Dr. Mombo-Ngoma explained the significance: “We found that our single-dose treatment was just as effective as the standard course that typically requires taking six doses spaced out over three days, which many patients never complete.” He emphasized that the four-drug combination targets multiple vulnerabilities in the malaria parasite, making it a formidable opponent to drug resistance. “Another key advantage is that our single-dose cure was accomplished with drugs that are currently available to malaria treatment programs across Africa—and relatively affordable as well,” he added.
Non-adherence to multi-day treatment regimens is a persistent problem in malaria control, often leading to incomplete cures and giving the parasite more opportunities to develop resistance. The single-dose approach, if validated in larger studies and implemented widely, could tackle both adherence and resistance simultaneously. Notably, no serious adverse events related to the study drugs were reported in the Gabon trial, further bolstering the case for broader adoption.
“This study is also a reminder that, at a time when the entire field of global health is facing enormous headwinds, ASTMH members are keeping their focus on research that can support better health for millions of people in low- and middle-income countries,” said ASTMH President David Fidock, who leads a WHO advisory group on antimalarial drug resistance.
These advances come as malaria cases and deaths, which had fallen dramatically from 2000 to 2015, are once again on the rise. WHO data show that in 2023 there were 263 million cases and 597,000 deaths, up from 216 million cases and 445,000 deaths in 2016. Funding shortfalls and logistical challenges further complicate the fight, especially in remote regions where infrastructure is weak and health systems are under strain.
Experts caution, however, that promising results in clinical trials are only the first step. Regulatory approvals must be secured in each country, and scaling up production and distribution—particularly in sub-Saharan Africa—will require robust supply chains, financing, and patient education. Treatment abandonment, where patients do not complete all prescribed doses, remains a stubborn obstacle. As Dr. Mombo-Ngoma noted, “What I hope is that, if we continue to have success with this single-dose cure, it can serve as a bridge to the new treatments now under development—something we can deploy very soon while we await the arrival of other options.”

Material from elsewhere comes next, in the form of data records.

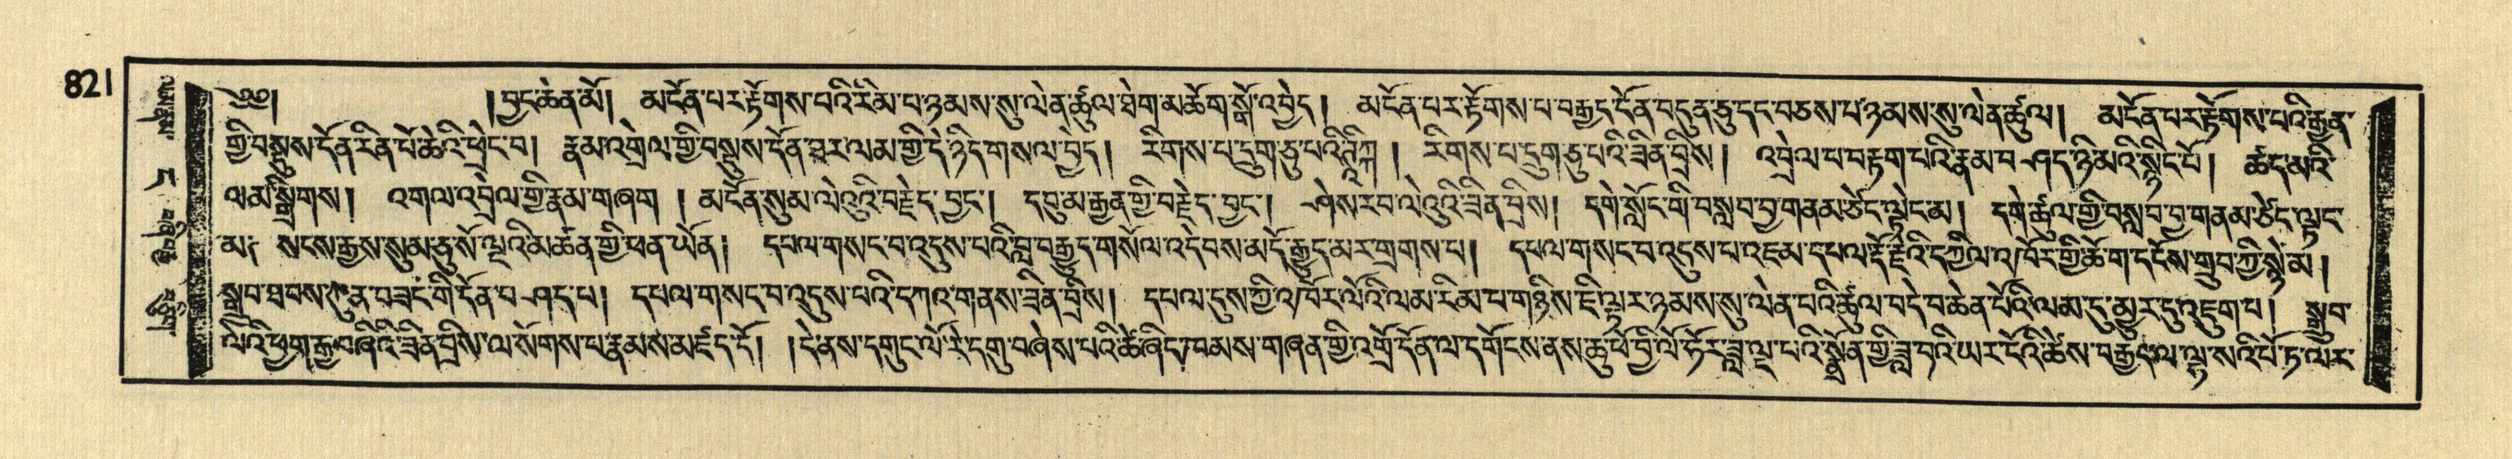༄༅། །བྱང་ཆེན་མོ། མངོན་པར་རྟོགས་པའི་རིམ་པ་ཉམས་སུ་ལེན་ཚུལ་ཐེག་མཆོག་སྒོ་འབྱེད། མངོན་པར་རྟོགས་པ་བརྒྱད་དོན་བདུན་ཅུ་དང་བཅས་པ་ཉམས་སུ་ལེན་ཚུལ། མངོན་པར་རྟོགས་པའི་རྒྱན་
གྱི་བསྡུས་དོན་རིན་པོ་ཆེའི་ཕྲེང་བ། རྣམ་འགྲེལ་གྱི་བསྡུས་དོན་ཐར་ལམ་གྱི་དེ་ཉིད་གསལ་བྱེད། རིགས་པ་དྲུག་ཅུ་པའི་ཊཱིཀྐ། རིགས་པ་དྲུག་ཅུ་པའི་ཟིན་བྲིས། འབྲེལ་པ་བརྟག་པའི་རྣམ་བཤད་ཉི་མའི་སྙིང་པོ། ཚད་མའི་
ལམ་སྒྲིགས། འགལ་འབྲེལ་གྱི་རྣམ་གཞག །མངོན་སུམ་ལེའུའི་བརྗེད་བྱང་། དབུ་མ་རྒྱན་གྱི་བརྗེད་བྱང་། ཤེས་རབ་ལེའུའི་ཟིན་བྲིས། དགེ་སློང་གི་བསླབ་བྱ་གནམ་ཙེང་ལྟེང་མ། དགེ་ཚུལ་གྱི་བསླབ་བྱ་གནས་ཙེང་ལྟང་
མ༑ སངས་རྒྱས་སུམ་ཅུ་སོ་ལྔའི་མཚན་གྱི་ཕན་ཡོན། དཔལ་གསང་བ་འདུས་པའི་བླ་བརྒྱུད་གསོལ་འདེབས་མདོ་རྒྱུད་མར་གྲགས་པ། དཔལ་གསང་བ་འདུས་པ་འཇམ་དཔལ་རྡོ་རྗེའི་དཀྱིལ་འཁོར་གྱི་ཆོ་ག་དངོས་གྲུབ་ཀྱི་སྙེ་མ།
སྒྲུབ་ཐབས་ཀུན་བཟང་གི་དོན་བཤད་པ། དཔལ་གསང་བ་འདུས་པའི་དཀའ་གནས་ཟིན་བྲིས། དཔལ་དུས་ཀྱི་འཁོར་ལོའི་ལམ་རིམ་པ་གཉིས་ཇི་ལྟར་ཉམས་སུ་ལེན་པའི་ཚུལ་བདེ་བ་ཆེན་པོའི་ལམ་དུ་མྱུར་དུ་འཇུག་པ། སྒྲུབ་
ལེའི་ཕྱག་རྒྱ་བཞིའི་ཟིན་བྲིས་ལ་སོགས་པ་རྣམས་མཛད་དོ། །དེ་ནས་དགུང་ལོ་རེ་དགུ་བཞེས་པའི་ཚེ་ཞིང་ཁམས་གཞན་གྱི་འགྲོ་དོན་ལ་དགོངས་ནས་ཆུ་ཕོ་བྱི་ལོ་ཧོར་ཟླ་ལྔ་པའི་སྣྲོན་གྱི་ཟླ་བའི་ཡར་ངོའི་ཚེས་བརྒྱད་ལ་ལྷ་སའི་པོ་ཏ་ལར་

Meanwhile, Novartis’s commitment to a not-for-profit rollout of GanLum, if approved, could help ensure that cost does not become a barrier for the hardest-hit countries. The company’s collaboration with MMV underscores a growing recognition that public-private partnerships are essential for tackling diseases that disproportionately affect the world’s poorest populations.
Both the GanLum and SPAP single-dose approaches represent a new chapter in the fight against malaria—a disease that, despite being preventable and treatable, still exacts a devastating toll. With drug resistance on the rise and adherence challenges ever-present, the global health community is watching these developments closely, hopeful that they will mark the beginning of a long-awaited turnaround in malaria control and, ultimately, save countless lives.